DIRECTIONS FOR THIS TASK: Print each record that follows exactly, leaving the pictures behind.

· · ·

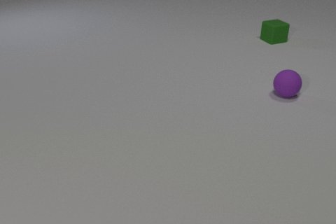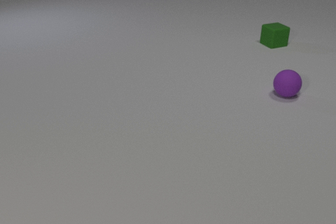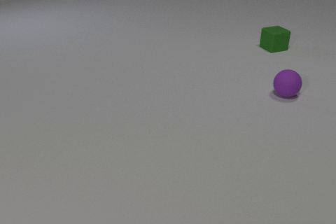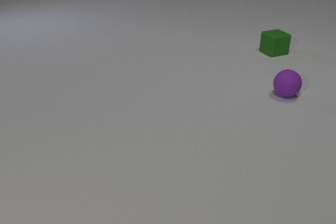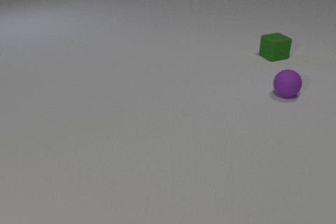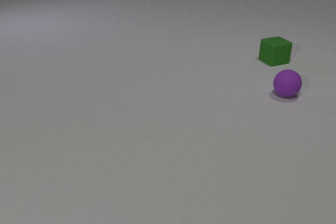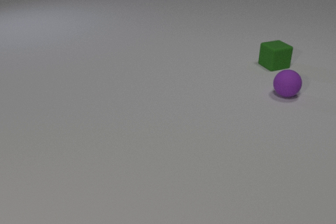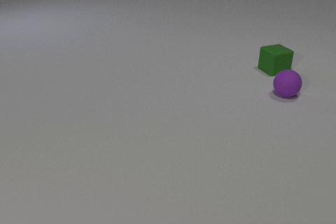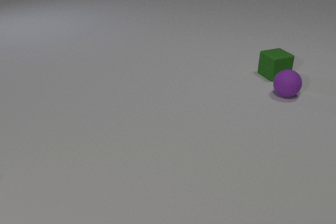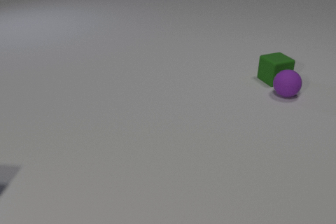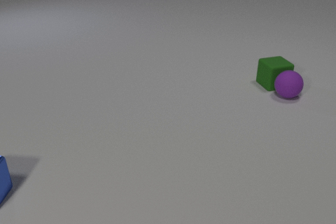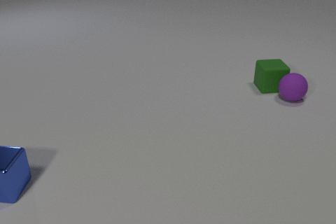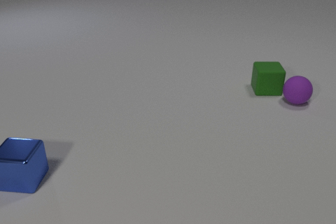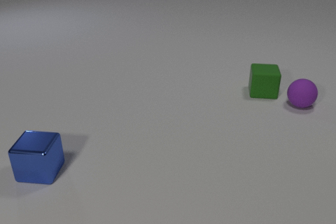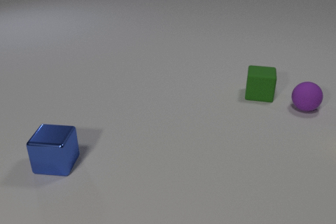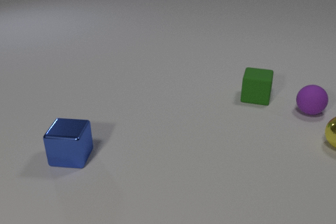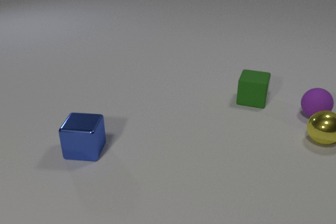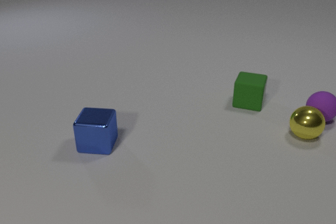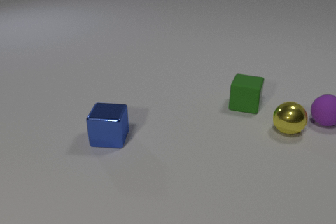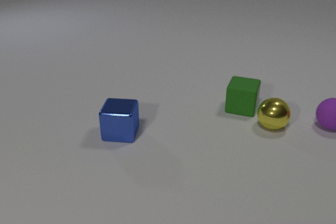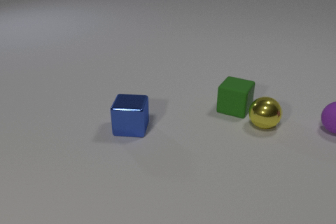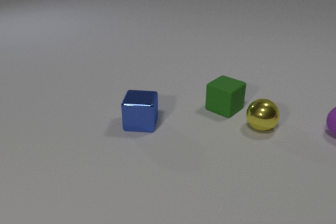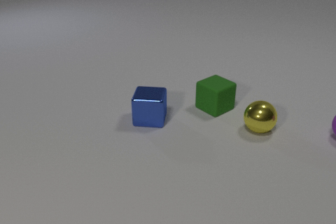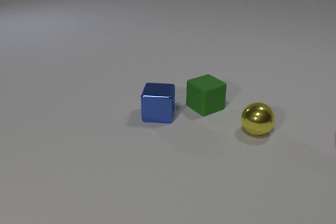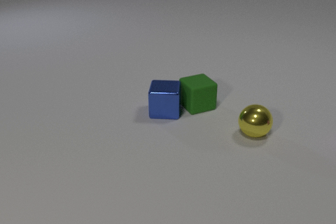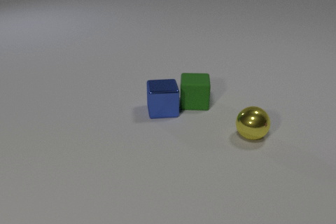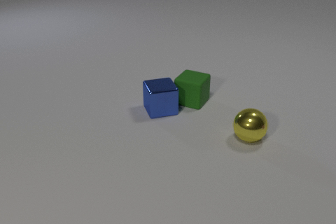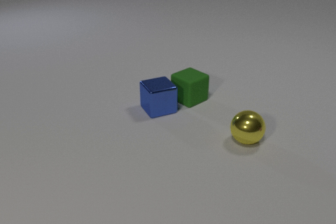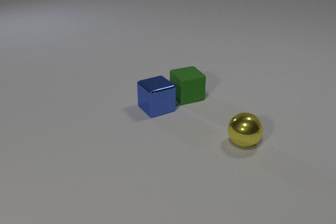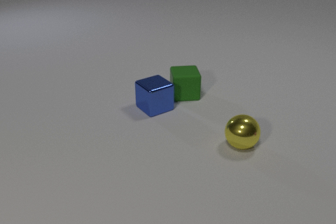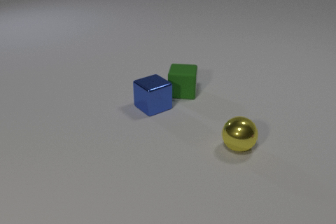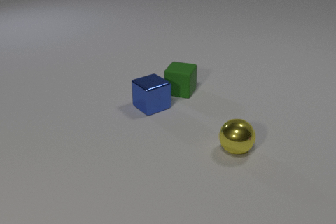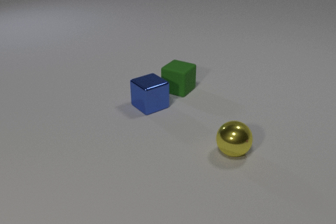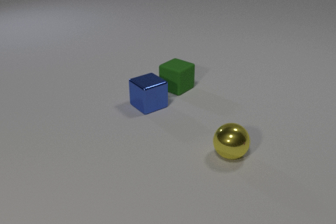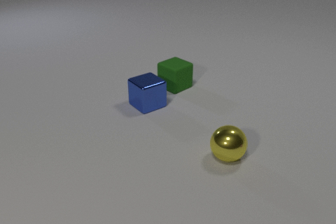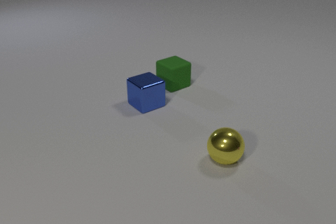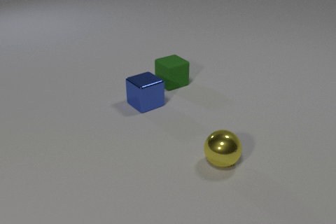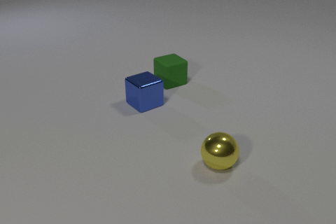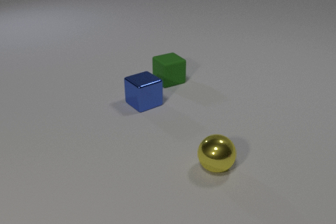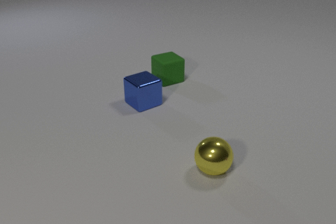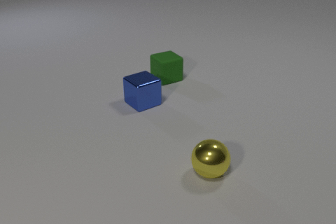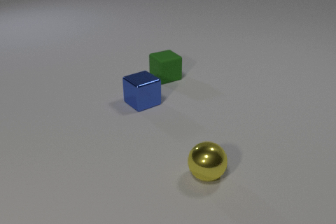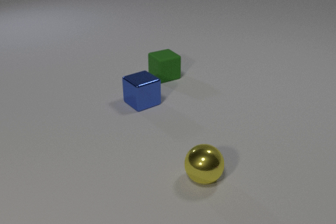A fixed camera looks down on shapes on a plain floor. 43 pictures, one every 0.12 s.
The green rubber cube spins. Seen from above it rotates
clockwise.
The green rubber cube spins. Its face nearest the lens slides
to the left.
0.00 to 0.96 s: The green rubber cube slides toward the camera.
0.96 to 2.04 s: The green rubber cube slides toward the camera, spins clockwise seen from above by about 45 degrees, its near face sliding to the left. The purple rubber sphere rolls toward the camera and to the right. The yellow metal sphere comes in at the right edge, rolls to the left. The blue metal cube comes in at the left edge, slides to the right and away from the camera. The green rubber cube and the purple rubber sphere collide.
2.04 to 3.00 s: The green rubber cube slides to the left, spins so that its near face slides to the left, clockwise seen from above. The purple rubber sphere rolls toward the camera and to the right, leaves at the right edge. The yellow metal sphere rolls to the left. The blue metal cube slides to the right and away from the camera. The green rubber cube and the yellow metal sphere collide. The green rubber cube and the blue metal cube collide.
3.00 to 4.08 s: The green rubber cube slides away from the camera and to the left, spins so that its near face slides to the left, clockwise seen from above. The yellow metal sphere rolls toward the camera and to the left. The blue metal cube slides to the left and away from the camera, spins so that its near face slides to the right, counterclockwise seen from above.
4.08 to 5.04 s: The green rubber cube slides away from the camera and to the left. The yellow metal sphere rolls toward the camera and to the left. The blue metal cube moves, and ends about where it began.
What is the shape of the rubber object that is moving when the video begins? cube.
What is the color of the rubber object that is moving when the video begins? green.
Are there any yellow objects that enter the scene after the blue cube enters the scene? yes.
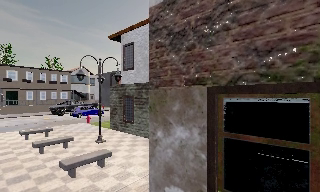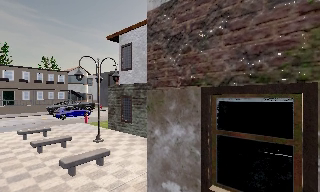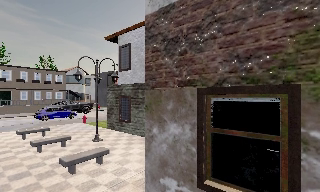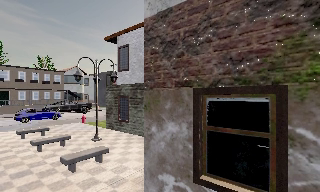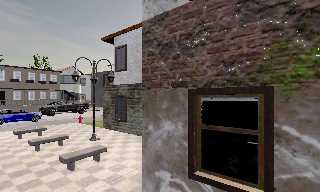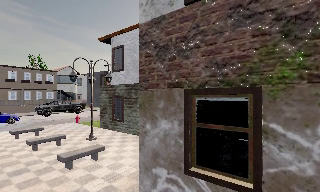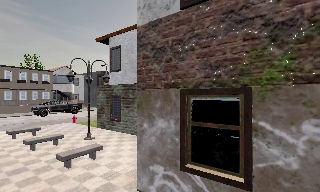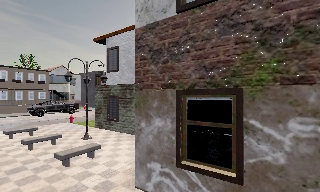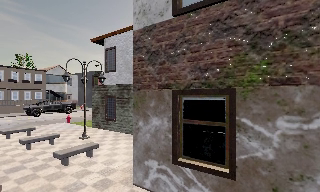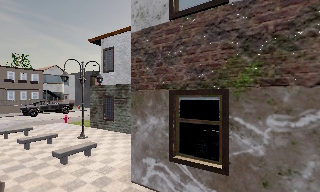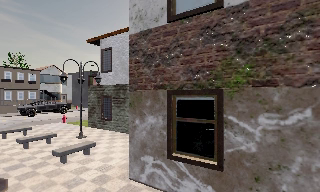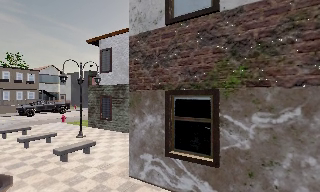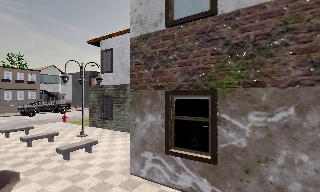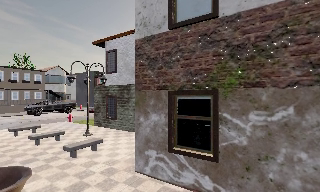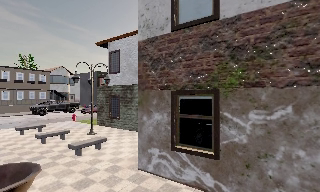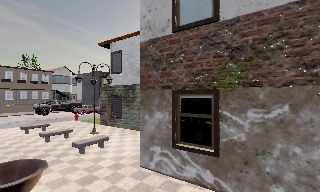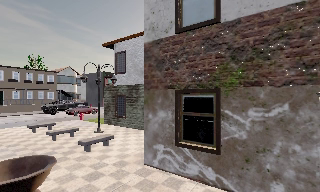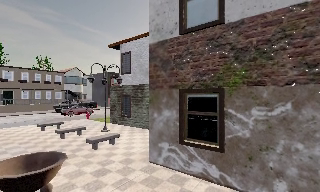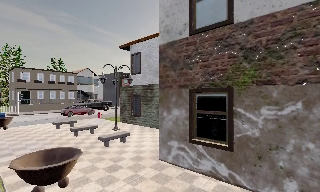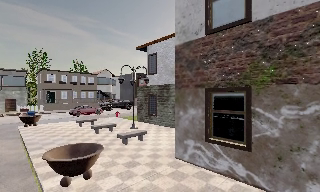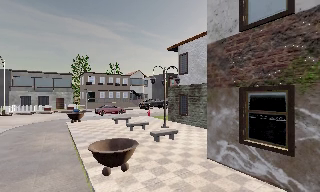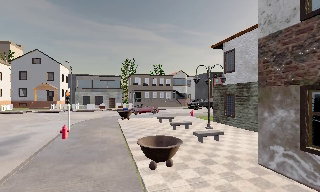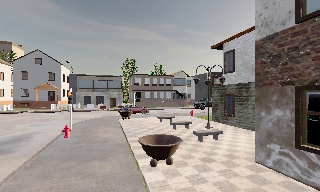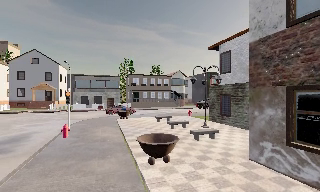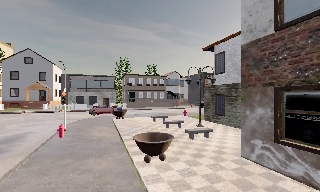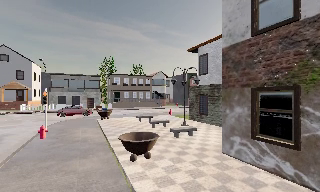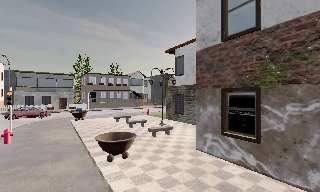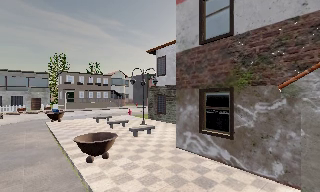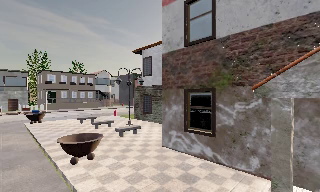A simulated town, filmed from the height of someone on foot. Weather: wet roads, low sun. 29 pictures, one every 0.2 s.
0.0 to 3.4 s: The camera travels backward, about 2.5 m, so what stands in front gets smaller.
3.4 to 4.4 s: The scene slides to the right, as the camera pans about 35 degrees to its left. It travels backward, about 1 m.
4.4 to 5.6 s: The scene slides to the left, as the camera pans about 25 degrees to its right. It travels backward, about 1 m, so what stands in front gets smaller.
The film runs backward here.

· · ·

EXERCISE SOLUTION:
A fixed camera looks down on shapes on a plain floor. 43 pictures, one every 0.12 s.
The green rubber cube spins. Seen from above it rotates
clockwise.
The green rubber cube spins. Its face nearest the lens slides
to the left.
0.00 to 0.96 s: The green rubber cube slides toward the camera.
0.96 to 2.04 s: The green rubber cube slides toward the camera, spins clockwise seen from above by about 45 degrees, its near face sliding to the left. The purple rubber sphere rolls toward the camera and to the right. The yellow metal sphere comes in at the right edge, rolls to the left. The blue metal cube comes in at the left edge, slides to the right and away from the camera. The green rubber cube and the purple rubber sphere collide.
2.04 to 3.00 s: The green rubber cube slides to the left, spins so that its near face slides to the left, clockwise seen from above. The purple rubber sphere rolls toward the camera and to the right, leaves at the right edge. The yellow metal sphere rolls to the left. The blue metal cube slides to the right and away from the camera. The green rubber cube and the yellow metal sphere collide. The green rubber cube and the blue metal cube collide.
3.00 to 4.08 s: The green rubber cube slides away from the camera and to the left, spins so that its near face slides to the left, clockwise seen from above. The yellow metal sphere rolls toward the camera and to the left. The blue metal cube slides to the left and away from the camera, spins so that its near face slides to the right, counterclockwise seen from above.
4.08 to 5.04 s: The green rubber cube slides away from the camera and to the left. The yellow metal sphere rolls toward the camera and to the left. The blue metal cube moves, and ends about where it began.
What is the shape of the rubber object that is moving when the video begins? cube.
What is the color of the rubber object that is moving when the video begins? green.
Are there any yellow objects that enter the scene after the blue cube enters the scene? yes.
A simulated town, filmed from the height of someone on foot. Weather: wet roads, low sun. 29 pictures, one every 0.2 s.
0.0 to 3.4 s: The camera travels backward, about 2.5 m, so what stands in front gets smaller.
3.4 to 4.4 s: The scene slides to the right, as the camera pans about 35 degrees to its left. It travels backward, about 1 m.
4.4 to 5.6 s: The scene slides to the left, as the camera pans about 25 degrees to its right. It travels backward, about 1 m, so what stands in front gets smaller.
The film runs backward here.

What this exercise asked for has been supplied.